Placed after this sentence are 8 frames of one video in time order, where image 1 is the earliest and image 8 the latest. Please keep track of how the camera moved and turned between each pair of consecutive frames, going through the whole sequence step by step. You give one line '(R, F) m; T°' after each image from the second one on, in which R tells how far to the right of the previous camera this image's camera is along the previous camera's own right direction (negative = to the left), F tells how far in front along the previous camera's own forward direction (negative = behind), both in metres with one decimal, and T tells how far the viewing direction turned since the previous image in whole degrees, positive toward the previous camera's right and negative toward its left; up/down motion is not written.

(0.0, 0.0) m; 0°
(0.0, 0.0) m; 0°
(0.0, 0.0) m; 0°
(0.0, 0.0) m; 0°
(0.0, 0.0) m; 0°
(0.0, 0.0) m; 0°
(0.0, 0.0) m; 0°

****

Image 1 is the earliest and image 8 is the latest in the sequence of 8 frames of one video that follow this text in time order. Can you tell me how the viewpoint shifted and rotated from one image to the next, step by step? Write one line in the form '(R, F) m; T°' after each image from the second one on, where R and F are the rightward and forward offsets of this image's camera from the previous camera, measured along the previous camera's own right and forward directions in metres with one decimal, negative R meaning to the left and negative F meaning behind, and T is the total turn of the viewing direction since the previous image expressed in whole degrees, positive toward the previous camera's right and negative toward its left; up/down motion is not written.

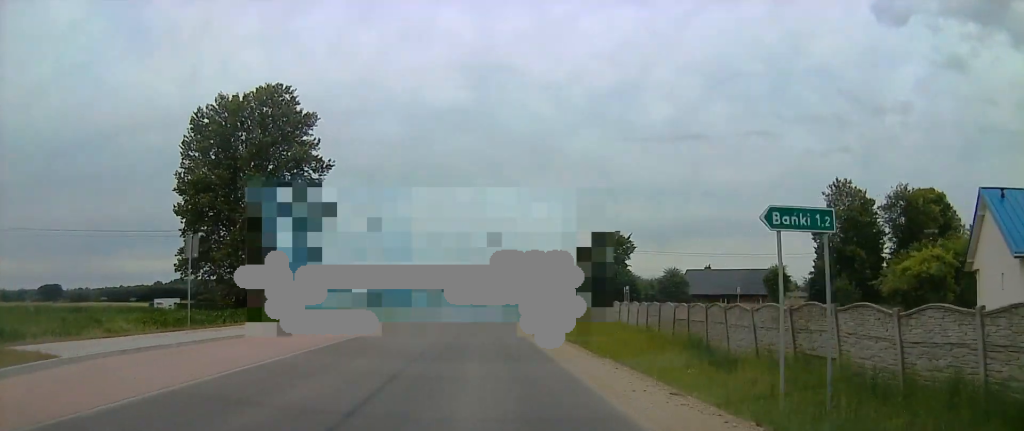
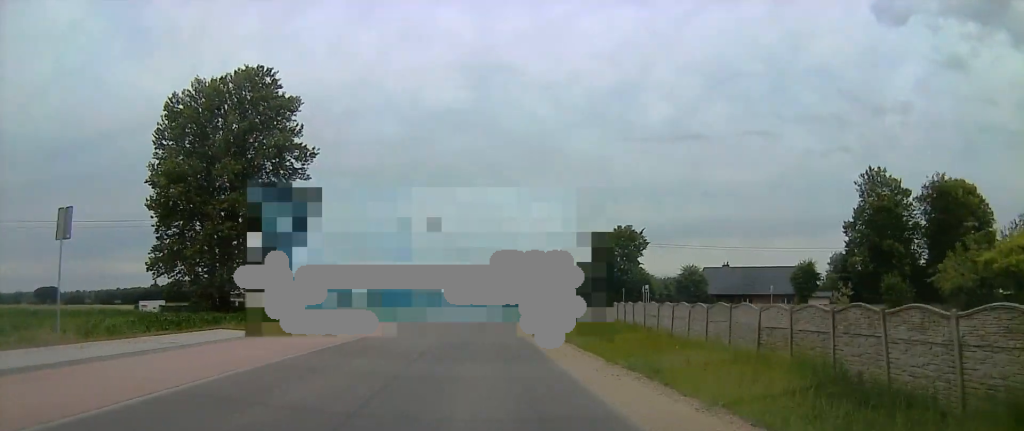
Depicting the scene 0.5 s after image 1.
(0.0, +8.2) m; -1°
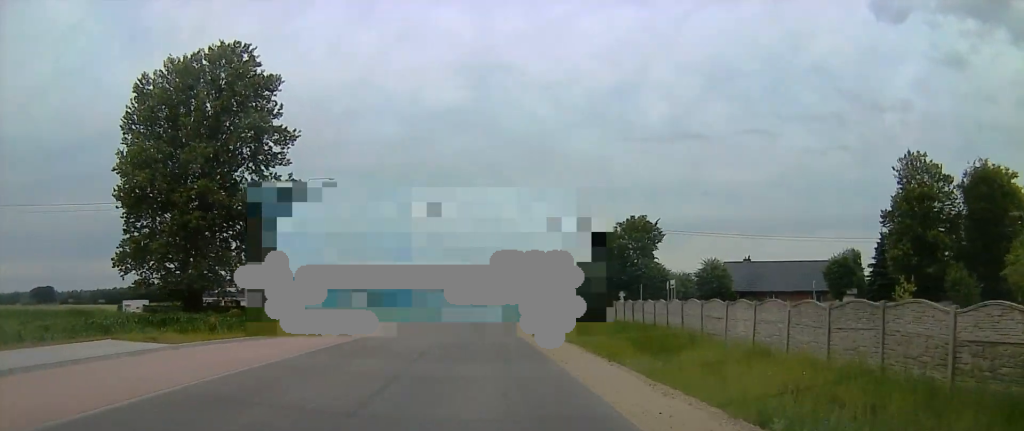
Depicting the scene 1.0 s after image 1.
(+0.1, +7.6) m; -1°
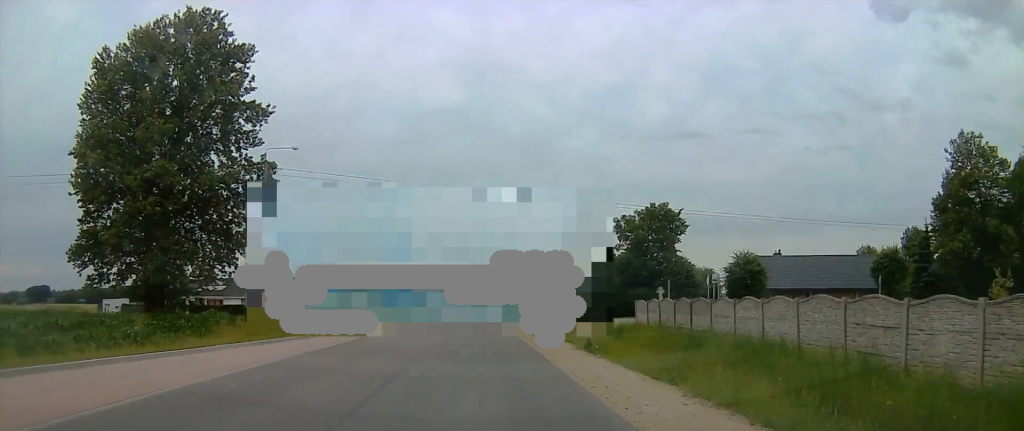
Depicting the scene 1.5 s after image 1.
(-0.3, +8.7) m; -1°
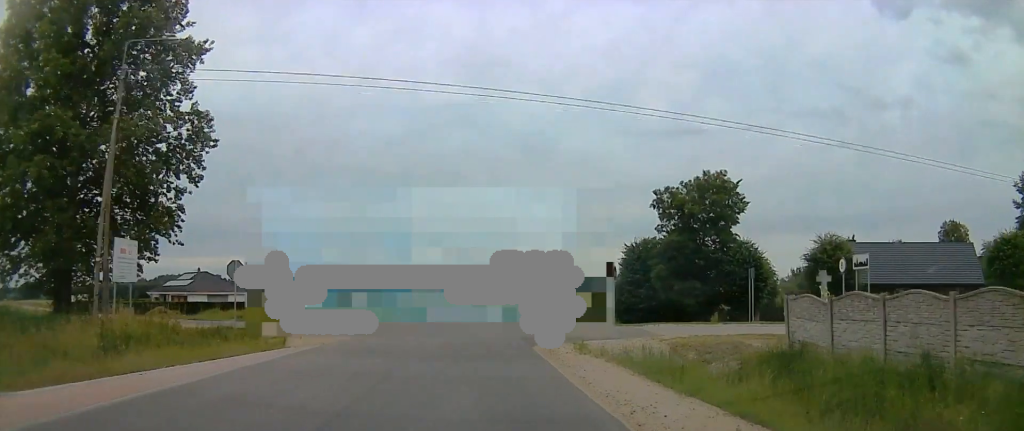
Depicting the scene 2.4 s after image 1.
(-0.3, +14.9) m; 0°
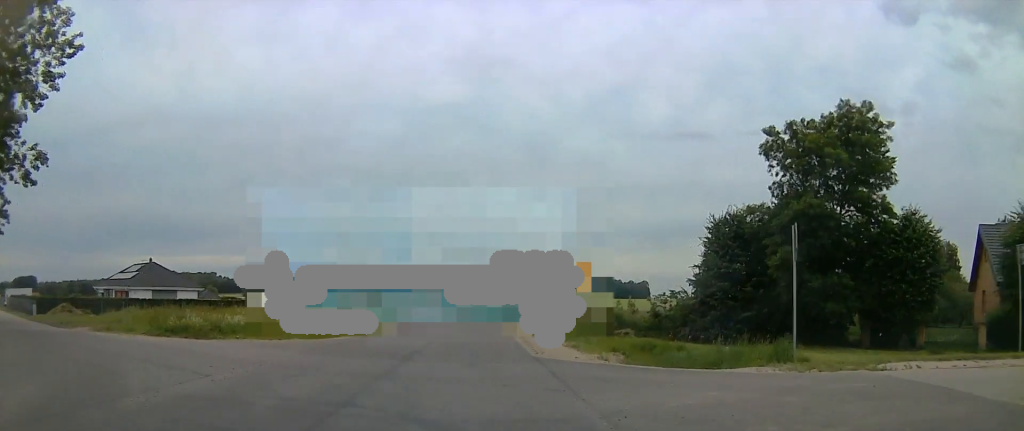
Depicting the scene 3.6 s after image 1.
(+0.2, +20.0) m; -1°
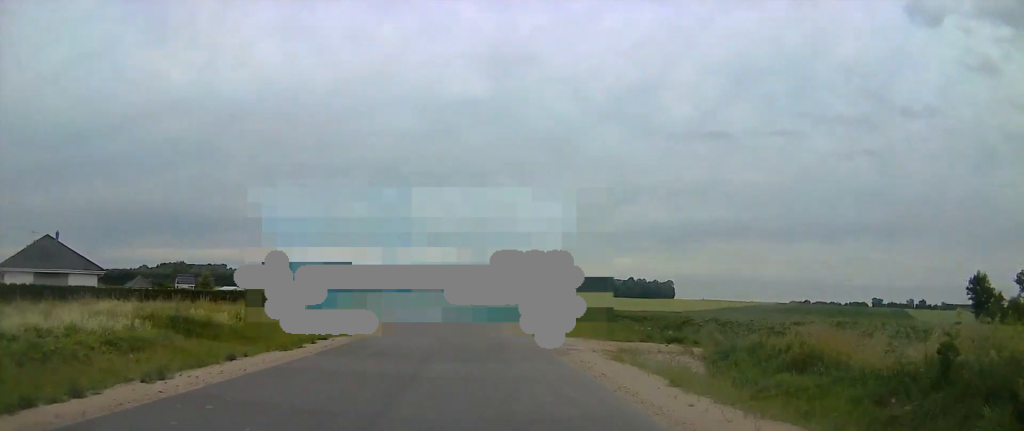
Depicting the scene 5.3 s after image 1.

****

--- Task item ---
Within the listing above, the lines from the one with "Depicting the scene 1.0 s after image 1." through the one with "Depicting the scene 5.3 s after image 1." are to be given again word for word. Do not include pictures.

--- Exercise solution ---
Depicting the scene 1.0 s after image 1.
(+0.1, +7.6) m; -1°
Depicting the scene 1.5 s after image 1.
(-0.3, +8.7) m; -1°
Depicting the scene 2.4 s after image 1.
(-0.3, +14.9) m; 0°
Depicting the scene 3.6 s after image 1.
(+0.2, +20.0) m; -1°
Depicting the scene 5.3 s after image 1.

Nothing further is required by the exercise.